Essential Hypertension Part I: Definition and Etiology

Oscar A. Carretero, +1 more
- 25 Jan 2000 - 
- Vol. 101, Iss: 3, pp 329-335
TLDR
This review of current concepts regarding the definition, etiology, and treatment of essential hypertension is intended to aid the clinician in identifying those individuals at high risk who need to undergo evaluation and treatment, as well as in selecting optimal treatment strategies for hypertensive patients with comorbid conditions and/or target organ damage.
Abstract
Essential hypertension remains a major modifiable risk factor for cardiovascular disease (CVD) despite important advances in our understanding of its pathophysiology and the availability of effective treatment strategies. High blood pressure (BP) increases the risk of CVD for millions of people worldwide, and there is evidence that the problem is only getting worse. In the past decade, age-adjusted rates of stroke incidence have risen, and the slope of the age-adjusted rate of decline in coronary disease has leveled off. The incidence of end-stage renal disease and the prevalence of heart failure have also increased. A major contributor to these trends is inadequate control of BP in the hypertensive population. This review of current concepts regarding the definition, etiology, and treatment of essential hypertension is intended to aid the clinician in identifying those individuals at high risk who need to undergo evaluation and treatment, as well as in selecting optimal treatment strategies for hypertensive patients with comorbid conditions and/or target organ damage. The part of the review that deals with the genetic basis of hypertension and the gene/environment interaction that may lead to elevated BP is still a work in progress. Information gained from the Human Genome Project and from ongoing studies of the genetic basis of hypertension both in animal models and human populations may revolutionize the treatment of hypertension by replacing current empirical therapy with more effective, targeted treatments based on the genotype of the patient.

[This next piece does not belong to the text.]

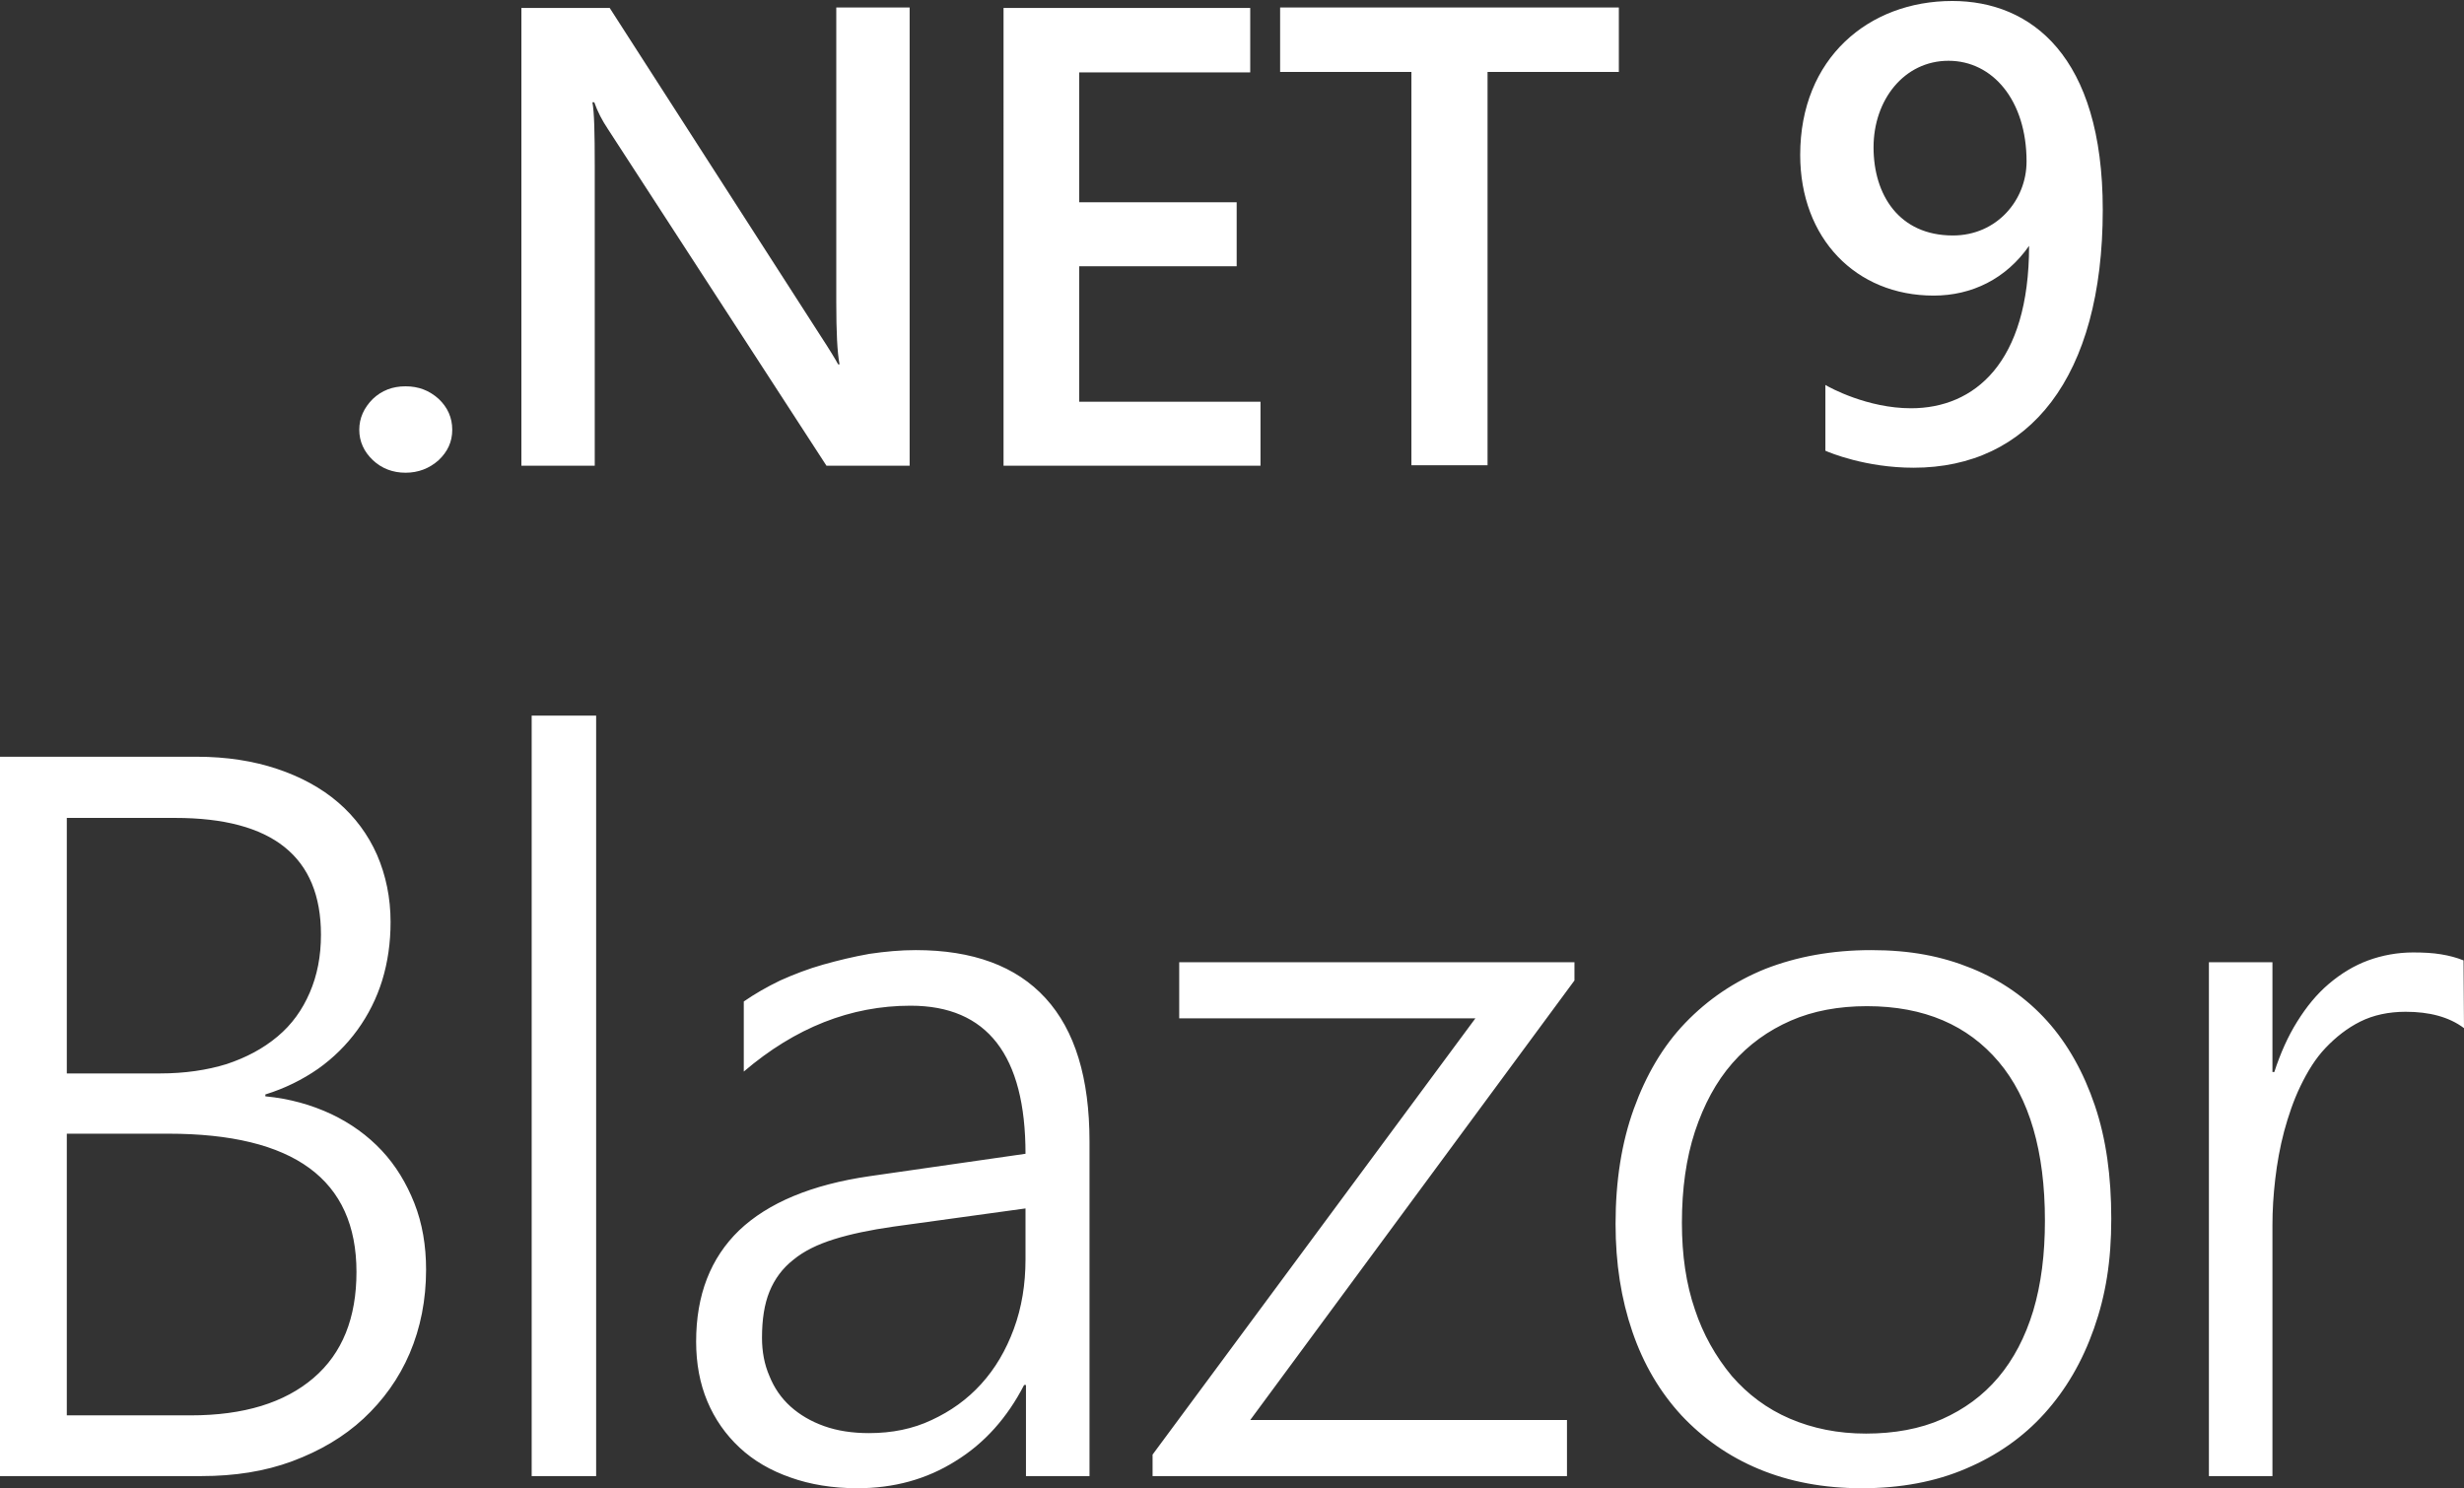<?xml version="1.0" encoding="UTF-8"?><svg id="Layer_2" xmlns="http://www.w3.org/2000/svg" viewBox="0 0 527.4 318.6"><rect x="0" y="0" width="527.4" height="318.6" fill="#333333" stroke="none"/><defs><style>.cls-1{fill:#fff;}</style></defs><path id="Foreground" class="cls-1" d="M0,316v-154h42.1c6.4,0,12.1.9,17.2,2.6s9.5,4.1,13.1,7.2c3.6,3.1,6.4,6.9,8.3,11.2,1.9,4.4,2.9,9.2,2.9,14.4,0,4.4-.6,8.6-1.8,12.5-2.36,7.64-7.18,14.28-13.7,18.9-3.3,2.3-7.1,4.2-11.3,5.5v.4c5.2.5,9.8,1.8,14.1,3.8,4.2,2,7.8,4.6,10.8,7.8s5.3,7,7,11.3,2.5,9.1,2.5,14.2c0,6.5-1.2,12.5-3.5,17.9s-5.7,10.1-9.9,14-9.3,6.9-15.2,9.1-12.4,3.2-19.5,3.2H0ZM14.3,175.1v54.7h20c5.2,0,10-.7,14.2-2,4.2-1.4,7.8-3.3,10.9-5.9s5.3-5.7,6.9-9.4,2.4-7.8,2.4-12.4c0-16.7-10.4-25-31.2-25H14.3ZM14.3,242.7v60.3h26.5c11.4,0,20.1-2.7,26.3-8s9.2-12.9,9.2-22.7c0-19.8-13.4-29.6-40.3-29.6H14.3ZM113.8,316v-162.8h13.8v162.8h-13.8ZM219.6,316v-19.5h-.4c-3.6,7-8.5,12.5-14.7,16.3-6.2,3.9-13.2,5.8-21,5.8-5.3,0-10.1-.8-14.3-2.3-4.3-1.5-7.9-3.6-10.9-6.4s-5.3-6.1-6.9-9.9-2.4-8.1-2.4-12.8c0-10,3.1-17.9,9.2-23.8,6.2-5.9,15.5-9.8,27.9-11.6l33.4-4.8c0-21.1-8.2-31.7-24.6-31.7-12.8,0-24.7,4.7-35.7,14.1v-15c2.3-1.6,4.9-3.1,7.8-4.5,2.9-1.3,6-2.5,9.2-3.4s6.5-1.7,9.9-2.3c3.4-.5,6.7-.8,9.9-.8,12.2,0,21.5,3.4,27.8,10.3,6.3,6.9,9.4,17.1,9.4,30.7v71.6h-13.6ZM191.2,262.6c-4.9.7-9.2,1.6-12.7,2.7s-6.4,2.5-8.7,4.4c-2.3,1.8-4,4.1-5.1,6.8s-1.6,6-1.6,9.9c0,2.9.5,5.7,1.6,8.2,1,2.5,2.5,4.7,4.5,6.5s4.4,3.2,7.2,4.2,6,1.5,9.6,1.5c4.9,0,9.4-.9,13.4-2.8,4.1-1.9,7.6-4.4,10.6-7.7s5.3-7.2,7-11.8c1.7-4.6,2.5-9.6,2.5-14.9v-10.9l-28.3,3.9h0ZM267.6,304h67.8v12h-88.7v-4.6l69.1-93.4h-63.4v-12h84.6v3.9l-69.4,94.1ZM398.5,318.6c-8.2,0-15.5-1.4-22-4.1s-12-6.6-16.6-11.5c-4.6-5-8.1-10.9-10.5-17.9s-3.6-14.6-3.6-23.1c0-9.2,1.3-17.4,3.9-24.6,2.6-7.2,6.2-13.4,11-18.4s10.5-8.9,17.2-11.6c6.7-2.6,14.2-4,22.6-4s15.1,1.3,21.5,3.9c6.4,2.6,11.8,6.4,16.2,11.3s7.8,11,10.2,18.1,3.5,15.1,3.5,24.2-1.2,16.4-3.7,23.5-6,13.1-10.6,18.2-10.2,9-16.8,11.8c-6.5,2.8-14,4.2-22.3,4.2h0ZM399.6,215.4c-6,0-11.5,1-16.3,3.1s-9,5.1-12.5,9.1-6.1,8.9-8,14.6c-1.9,5.8-2.8,12.3-2.8,19.6,0,6.9.9,13.1,2.8,18.6,1.72,5.19,4.4,10,7.9,14.2,3.4,3.9,7.5,7,12.4,9.1s10.3,3.2,16.3,3.2,11.6-1,16.3-3.1,8.7-5,12-8.9,5.8-8.7,7.5-14.3c1.7-5.7,2.5-12.1,2.5-19.3,0-14.8-3.3-26.2-9.9-34s-15.9-11.9-28.2-11.9h0ZM527.4,220.1c-3.2-2.4-7.4-3.5-12.5-3.5-3.6,0-6.9.7-9.7,2.1s-5.2,3.3-7.4,5.6-3.9,5.1-5.4,8.2-2.6,6.4-3.5,9.7c-.9,3.4-1.5,6.8-1.9,10.2s-.6,6.7-.6,9.8v53.8h-13.6v-110h13.6v23.5h.4c1.3-4,2.9-7.6,4.9-10.8s4.2-5.9,6.8-8.1c2.6-2.2,5.4-3.9,8.4-5s6.3-1.7,9.6-1.7c2.2,0,4.2.1,6,.4s3.3.7,4.8,1.3l.1,14.5h0Z"/><path class="cls-1" d="M86.8,101.2c-2.7,0-5.1-.9-7-2.7s-2.9-4-2.9-6.5,1-4.7,2.9-6.6c1.9-1.8,4.2-2.7,7-2.7s5.1.9,7.1,2.7c1.9,1.8,2.9,4,2.9,6.6s-1,4.7-2.9,6.5c-2,1.8-4.4,2.7-7.1,2.7ZM194.7,99.7h-17.8l-46.8-72.1c-1.2-1.8-2.2-3.7-2.9-5.7h-.4c.4,2.1.5,6.6.5,13.5v64.3h-15.7V1.7h18.9l45.2,70.3c1.9,2.9,3.1,4.9,3.7,6h.3c-.5-2.6-.7-7-.7-13.2V1.6h15.7v98.1h0ZM269.8,99.7h-55V1.7h52.8v13.8h-36.6v27.8h33.7v13.7h-33.7v29h38.8v13.7h0ZM346.6,15.4h-28.2v84.2h-16.3V15.4h-28.1V1.6h72.5v13.8h.1Z"/><path class="cls-1" d="M450.08,44.88c0,36.04-15.82,55.25-40.5,55.25-10.21,0-17.97-3.23-18.87-3.64v-14.08c.94.58,9.04,4.99,18.33,4.99,13.53,0,25.27-9.65,25.27-34.77-4.93,7.06-12.25,10.65-20.42,10.65-16.68,0-28.57-12.28-28.57-30.12,0-20.7,14.65-32.95,32.55-32.95,16.84,0,32.21,11.75,32.21,44.67ZM433.77,34.57c0-13.06-7.24-21.56-16.71-21.56s-16.04,8.35-16.04,18.53,5.46,18.87,16.98,18.87c9.41,0,15.77-7.58,15.77-15.83Z"/></svg>

Concepts introduced in this review form the basis for such “pharmacogenomic” approaches to antihypertensive therapy. BP is a quantitative trait that is highly variable1 ; in population studies, BP has a normal distribution that is slightly skewed to the right. There is a strong positive and continuous correlation between BP and the risk of CVD (stroke, myocardial infarction, heart failure), renal disease, …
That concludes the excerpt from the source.